(Saved entries)
____

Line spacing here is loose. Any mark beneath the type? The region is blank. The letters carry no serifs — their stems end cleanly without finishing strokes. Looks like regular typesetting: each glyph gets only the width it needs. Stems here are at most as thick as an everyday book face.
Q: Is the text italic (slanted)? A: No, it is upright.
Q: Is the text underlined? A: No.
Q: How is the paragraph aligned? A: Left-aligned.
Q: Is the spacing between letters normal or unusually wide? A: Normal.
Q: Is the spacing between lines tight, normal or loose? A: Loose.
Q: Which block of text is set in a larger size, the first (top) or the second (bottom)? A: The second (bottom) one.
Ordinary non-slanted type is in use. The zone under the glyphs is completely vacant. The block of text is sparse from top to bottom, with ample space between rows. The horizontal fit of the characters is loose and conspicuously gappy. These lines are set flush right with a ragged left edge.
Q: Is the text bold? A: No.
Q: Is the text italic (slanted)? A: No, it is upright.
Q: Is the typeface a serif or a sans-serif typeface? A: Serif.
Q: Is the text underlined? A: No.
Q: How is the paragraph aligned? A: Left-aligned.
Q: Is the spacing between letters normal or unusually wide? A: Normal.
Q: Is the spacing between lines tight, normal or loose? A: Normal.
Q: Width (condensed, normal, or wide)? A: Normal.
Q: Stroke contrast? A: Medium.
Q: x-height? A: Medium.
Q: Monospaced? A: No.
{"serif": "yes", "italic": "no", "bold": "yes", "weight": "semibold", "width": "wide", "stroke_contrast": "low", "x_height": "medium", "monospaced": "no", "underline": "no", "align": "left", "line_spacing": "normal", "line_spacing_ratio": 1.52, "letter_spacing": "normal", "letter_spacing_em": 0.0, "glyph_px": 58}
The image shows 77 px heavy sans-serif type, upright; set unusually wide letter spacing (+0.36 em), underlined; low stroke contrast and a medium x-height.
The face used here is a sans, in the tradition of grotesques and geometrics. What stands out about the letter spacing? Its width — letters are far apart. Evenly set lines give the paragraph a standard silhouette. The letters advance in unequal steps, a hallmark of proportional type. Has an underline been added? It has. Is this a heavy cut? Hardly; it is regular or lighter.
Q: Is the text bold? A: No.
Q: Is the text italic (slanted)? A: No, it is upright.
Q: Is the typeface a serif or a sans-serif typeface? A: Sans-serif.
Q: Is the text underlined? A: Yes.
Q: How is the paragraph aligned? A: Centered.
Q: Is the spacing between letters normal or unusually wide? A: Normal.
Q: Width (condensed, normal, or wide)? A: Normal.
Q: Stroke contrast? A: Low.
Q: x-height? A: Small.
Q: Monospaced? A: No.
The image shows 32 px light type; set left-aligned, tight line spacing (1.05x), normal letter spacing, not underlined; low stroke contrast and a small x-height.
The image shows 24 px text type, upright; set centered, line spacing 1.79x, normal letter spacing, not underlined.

____

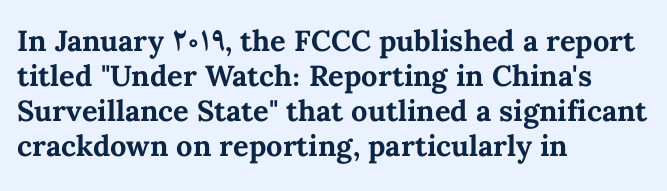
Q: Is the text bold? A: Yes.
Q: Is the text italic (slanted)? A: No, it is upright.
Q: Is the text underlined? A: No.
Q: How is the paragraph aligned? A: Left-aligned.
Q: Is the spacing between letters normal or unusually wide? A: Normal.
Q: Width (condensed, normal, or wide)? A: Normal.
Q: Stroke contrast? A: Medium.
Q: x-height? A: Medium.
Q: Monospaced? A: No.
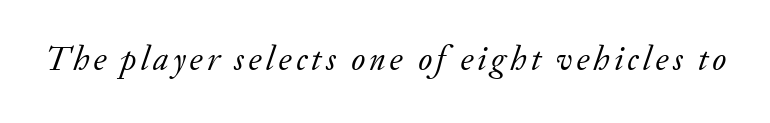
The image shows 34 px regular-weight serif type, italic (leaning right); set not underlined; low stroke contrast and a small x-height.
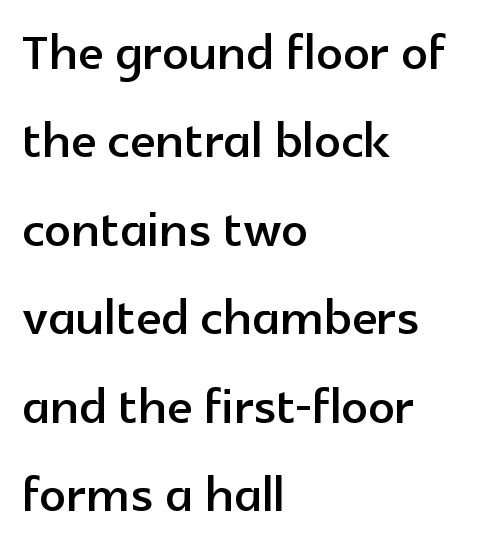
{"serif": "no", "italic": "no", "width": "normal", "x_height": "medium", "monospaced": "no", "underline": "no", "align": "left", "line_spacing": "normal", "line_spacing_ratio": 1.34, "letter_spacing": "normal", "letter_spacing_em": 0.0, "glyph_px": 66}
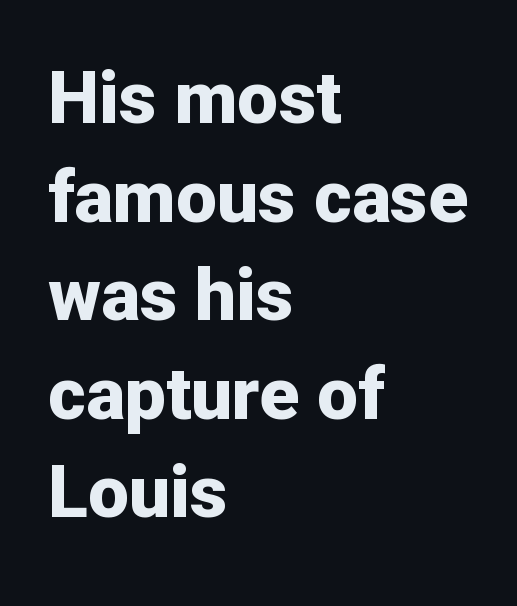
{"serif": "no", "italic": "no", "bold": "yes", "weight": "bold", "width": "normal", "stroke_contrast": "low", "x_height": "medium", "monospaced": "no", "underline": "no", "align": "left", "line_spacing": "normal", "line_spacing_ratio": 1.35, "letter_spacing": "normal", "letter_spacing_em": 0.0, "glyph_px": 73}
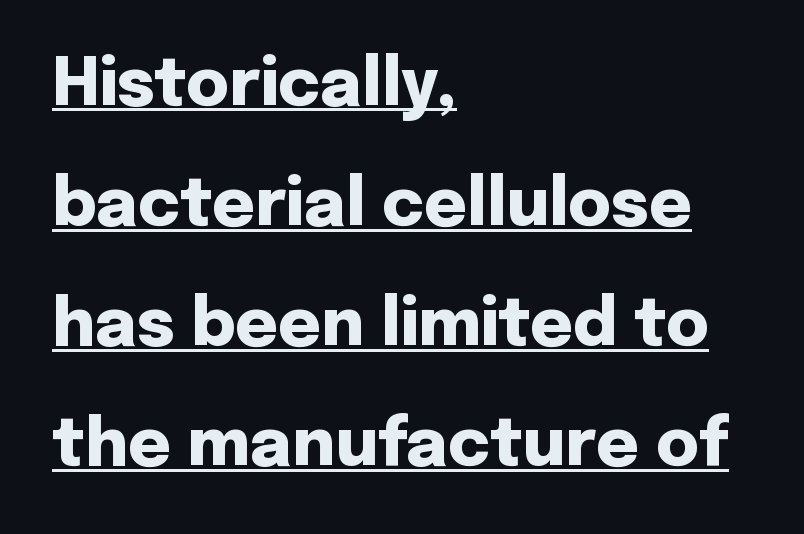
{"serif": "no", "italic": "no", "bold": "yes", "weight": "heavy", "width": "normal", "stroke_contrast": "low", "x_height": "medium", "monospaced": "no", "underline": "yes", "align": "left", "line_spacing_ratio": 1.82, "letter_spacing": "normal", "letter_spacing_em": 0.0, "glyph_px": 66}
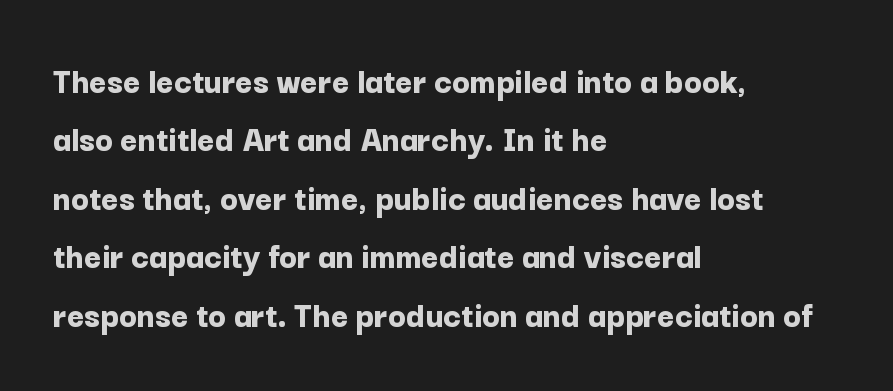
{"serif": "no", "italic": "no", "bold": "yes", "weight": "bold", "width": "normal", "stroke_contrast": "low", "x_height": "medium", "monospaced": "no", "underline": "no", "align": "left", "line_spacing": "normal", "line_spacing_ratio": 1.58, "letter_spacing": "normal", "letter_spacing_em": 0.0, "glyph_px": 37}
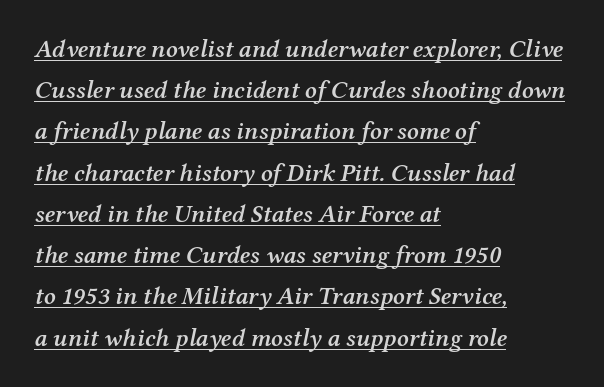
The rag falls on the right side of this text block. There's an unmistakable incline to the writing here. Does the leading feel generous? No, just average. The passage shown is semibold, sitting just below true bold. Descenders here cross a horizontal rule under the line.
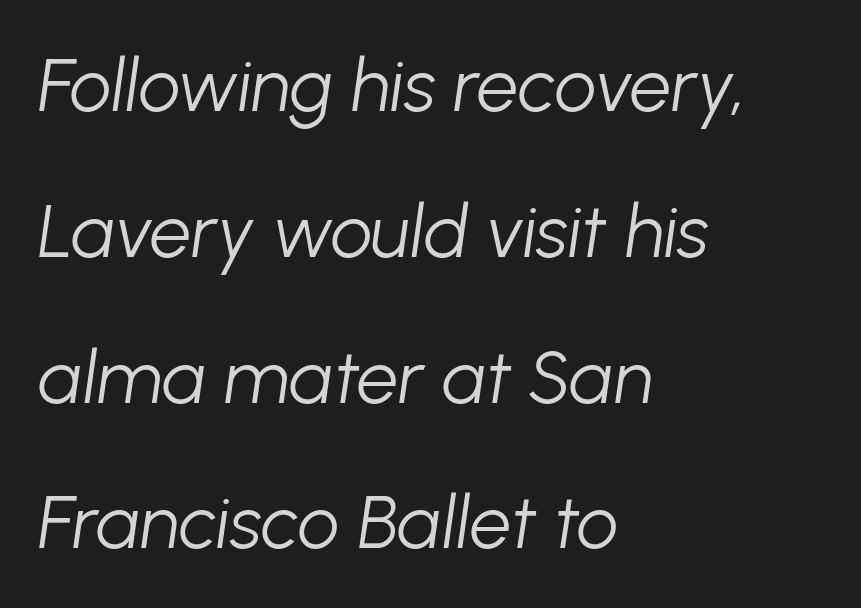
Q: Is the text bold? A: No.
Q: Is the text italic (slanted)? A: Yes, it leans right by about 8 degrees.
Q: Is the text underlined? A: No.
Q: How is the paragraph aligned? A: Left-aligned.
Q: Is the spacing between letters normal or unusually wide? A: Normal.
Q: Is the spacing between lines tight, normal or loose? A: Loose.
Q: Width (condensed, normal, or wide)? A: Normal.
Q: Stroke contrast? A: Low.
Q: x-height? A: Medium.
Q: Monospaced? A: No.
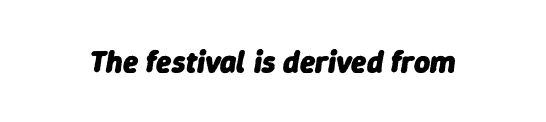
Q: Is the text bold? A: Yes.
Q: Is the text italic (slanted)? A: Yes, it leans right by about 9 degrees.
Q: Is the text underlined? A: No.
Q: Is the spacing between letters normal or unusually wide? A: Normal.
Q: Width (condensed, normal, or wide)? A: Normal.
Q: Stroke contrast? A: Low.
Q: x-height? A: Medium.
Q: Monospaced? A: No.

____

(INSTRUCTIONS TO FOLLOW) With the line holding "Line spacing here" as the first and the line holding "The image shows 77" as the last, set down that range of the entries above exactly, and nothing else.

(RESULT FOR THIS EXERCISE)
Line spacing here is loose. Any mark beneath the type? The region is blank. The letters carry no serifs — their stems end cleanly without finishing strokes. Looks like regular typesetting: each glyph gets only the width it needs. Stems here are at most as thick as an everyday book face.
Q: Is the text italic (slanted)? A: No, it is upright.
Q: Is the text underlined? A: No.
Q: How is the paragraph aligned? A: Left-aligned.
Q: Is the spacing between letters normal or unusually wide? A: Normal.
Q: Is the spacing between lines tight, normal or loose? A: Loose.
Q: Which block of text is set in a larger size, the first (top) or the second (bottom)? A: The second (bottom) one.
Ordinary non-slanted type is in use. The zone under the glyphs is completely vacant. The block of text is sparse from top to bottom, with ample space between rows. The horizontal fit of the characters is loose and conspicuously gappy. These lines are set flush right with a ragged left edge.
Q: Is the text bold? A: No.
Q: Is the text italic (slanted)? A: No, it is upright.
Q: Is the typeface a serif or a sans-serif typeface? A: Serif.
Q: Is the text underlined? A: No.
Q: How is the paragraph aligned? A: Left-aligned.
Q: Is the spacing between letters normal or unusually wide? A: Normal.
Q: Is the spacing between lines tight, normal or loose? A: Normal.
Q: Width (condensed, normal, or wide)? A: Normal.
Q: Stroke contrast? A: Medium.
Q: x-height? A: Medium.
Q: Monospaced? A: No.
{"serif": "yes", "italic": "no", "bold": "yes", "weight": "semibold", "width": "wide", "stroke_contrast": "low", "x_height": "medium", "monospaced": "no", "underline": "no", "align": "left", "line_spacing": "normal", "line_spacing_ratio": 1.52, "letter_spacing": "normal", "letter_spacing_em": 0.0, "glyph_px": 58}
The image shows 77 px heavy sans-serif type, upright; set unusually wide letter spacing (+0.36 em), underlined; low stroke contrast and a medium x-height.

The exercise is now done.